## Problem to work on
Exclude all pictures from your copy of the data below, which should otherwise match exactly.

Record set: Begin

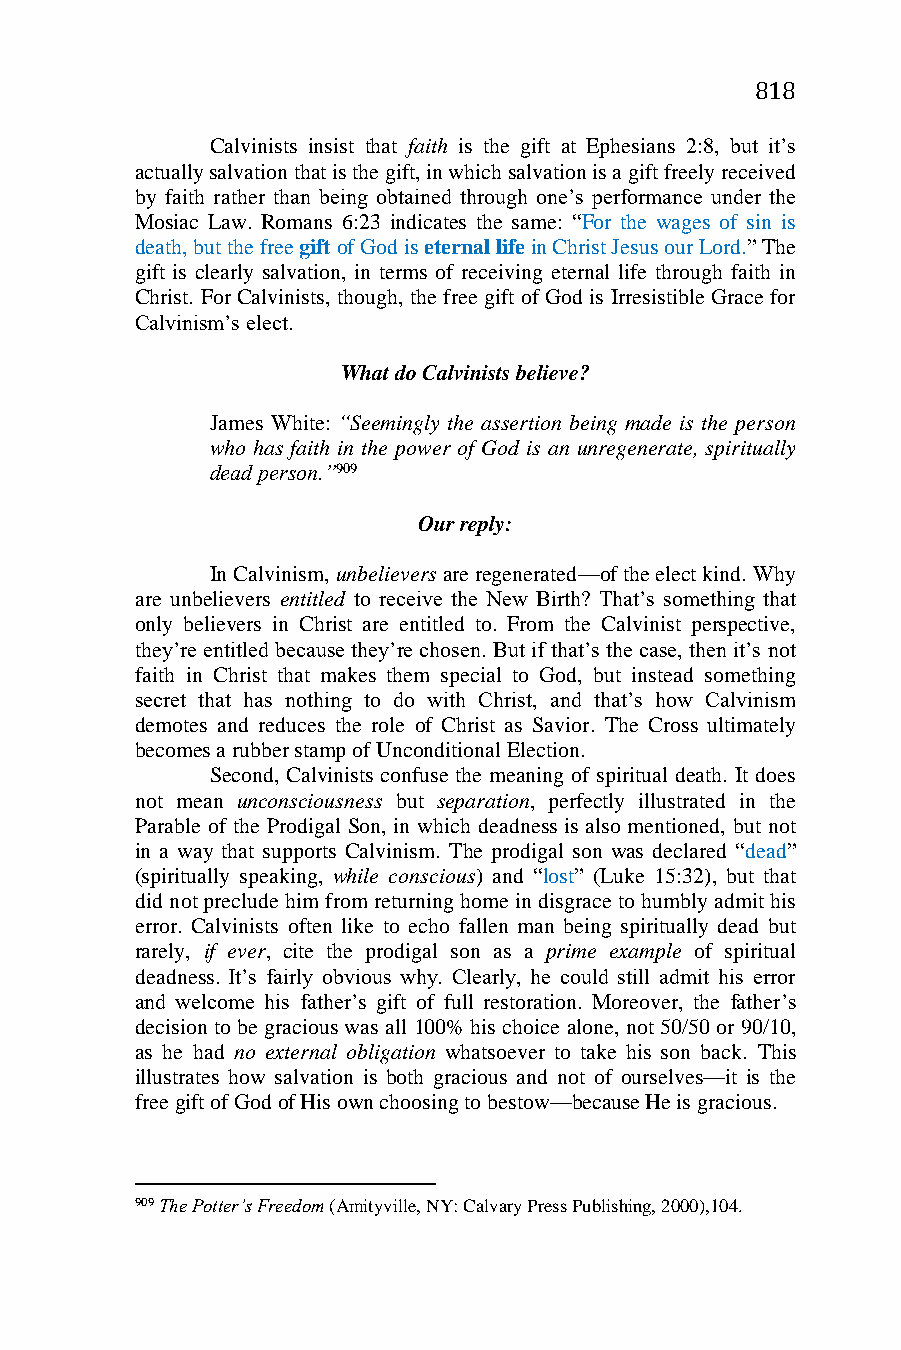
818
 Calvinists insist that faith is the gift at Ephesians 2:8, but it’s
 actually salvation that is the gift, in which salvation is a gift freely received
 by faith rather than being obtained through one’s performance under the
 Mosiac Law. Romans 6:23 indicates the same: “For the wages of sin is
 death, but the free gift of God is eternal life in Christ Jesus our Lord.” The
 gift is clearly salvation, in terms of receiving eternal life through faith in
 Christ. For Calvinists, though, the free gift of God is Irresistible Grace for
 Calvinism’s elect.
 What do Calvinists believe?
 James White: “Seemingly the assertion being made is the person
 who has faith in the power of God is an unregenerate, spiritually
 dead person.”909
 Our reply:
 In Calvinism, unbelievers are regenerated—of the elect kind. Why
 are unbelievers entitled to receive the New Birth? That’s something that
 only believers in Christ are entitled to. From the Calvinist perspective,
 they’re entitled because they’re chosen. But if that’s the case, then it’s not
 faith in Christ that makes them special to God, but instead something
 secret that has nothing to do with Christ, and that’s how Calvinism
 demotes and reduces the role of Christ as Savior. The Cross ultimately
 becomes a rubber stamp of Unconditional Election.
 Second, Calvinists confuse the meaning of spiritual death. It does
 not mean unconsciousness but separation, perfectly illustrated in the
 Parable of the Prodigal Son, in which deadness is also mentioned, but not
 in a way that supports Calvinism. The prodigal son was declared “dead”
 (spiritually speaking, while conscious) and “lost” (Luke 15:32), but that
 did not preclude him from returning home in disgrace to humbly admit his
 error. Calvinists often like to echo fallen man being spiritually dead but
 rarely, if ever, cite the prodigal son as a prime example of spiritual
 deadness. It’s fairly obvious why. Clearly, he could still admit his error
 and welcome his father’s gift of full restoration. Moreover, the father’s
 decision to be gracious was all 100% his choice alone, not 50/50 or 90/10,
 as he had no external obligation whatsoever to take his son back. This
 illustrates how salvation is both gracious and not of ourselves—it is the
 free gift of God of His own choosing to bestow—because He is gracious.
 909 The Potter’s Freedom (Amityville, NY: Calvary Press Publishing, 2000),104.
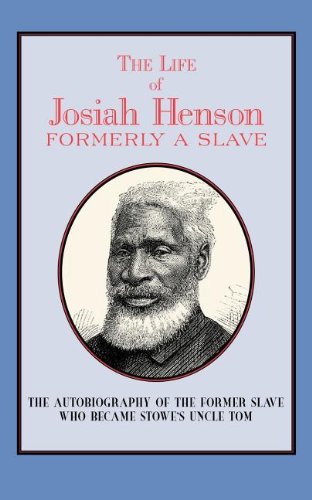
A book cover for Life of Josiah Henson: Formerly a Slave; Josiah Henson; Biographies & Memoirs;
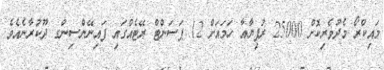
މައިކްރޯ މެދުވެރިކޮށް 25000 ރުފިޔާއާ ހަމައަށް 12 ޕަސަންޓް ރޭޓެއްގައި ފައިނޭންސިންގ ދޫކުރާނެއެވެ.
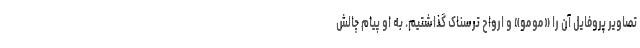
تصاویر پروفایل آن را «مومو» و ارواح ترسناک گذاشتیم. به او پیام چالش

Record set: End

## Exercise result
818
 Calvinists insist that faith is the gift at Ephesians 2:8, but it’s
 actually salvation that is the gift, in which salvation is a gift freely received
 by faith rather than being obtained through one’s performance under the
 Mosiac Law. Romans 6:23 indicates the same: “For the wages of sin is
 death, but the free gift of God is eternal life in Christ Jesus our Lord.” The
 gift is clearly salvation, in terms of receiving eternal life through faith in
 Christ. For Calvinists, though, the free gift of God is Irresistible Grace for
 Calvinism’s elect.
 What do Calvinists believe?
 James White: “Seemingly the assertion being made is the person
 who has faith in the power of God is an unregenerate, spiritually
 dead person.”909
 Our reply:
 In Calvinism, unbelievers are regenerated—of the elect kind. Why
 are unbelievers entitled to receive the New Birth? That’s something that
 only believers in Christ are entitled to. From the Calvinist perspective,
 they’re entitled because they’re chosen. But if that’s the case, then it’s not
 faith in Christ that makes them special to God, but instead something
 secret that has nothing to do with Christ, and that’s how Calvinism
 demotes and reduces the role of Christ as Savior. The Cross ultimately
 becomes a rubber stamp of Unconditional Election.
 Second, Calvinists confuse the meaning of spiritual death. It does
 not mean unconsciousness but separation, perfectly illustrated in the
 Parable of the Prodigal Son, in which deadness is also mentioned, but not
 in a way that supports Calvinism. The prodigal son was declared “dead”
 (spiritually speaking, while conscious) and “lost” (Luke 15:32), but that
 did not preclude him from returning home in disgrace to humbly admit his
 error. Calvinists often like to echo fallen man being spiritually dead but
 rarely, if ever, cite the prodigal son as a prime example of spiritual
 deadness. It’s fairly obvious why. Clearly, he could still admit his error
 and welcome his father’s gift of full restoration. Moreover, the father’s
 decision to be gracious was all 100% his choice alone, not 50/50 or 90/10,
 as he had no external obligation whatsoever to take his son back. This
 illustrates how salvation is both gracious and not of ourselves—it is the
 free gift of God of His own choosing to bestow—because He is gracious.
 909 The Potter’s Freedom (Amityville, NY: Calvary Press Publishing, 2000),104.
A book cover for Life of Josiah Henson: Formerly a Slave; Josiah Henson; Biographies & Memoirs;
މައިކްރޯ މެދުވެރިކޮށް 25000 ރުފިޔާއާ ހަމައަށް 12 ޕަސަންޓް ރޭޓެއްގައި ފައިނޭންސިންގ ދޫކުރާނެއެވެ.
تصاویر پروفایل آن را «مومو» و ارواح ترسناک گذاشتیم. به او پیام چالش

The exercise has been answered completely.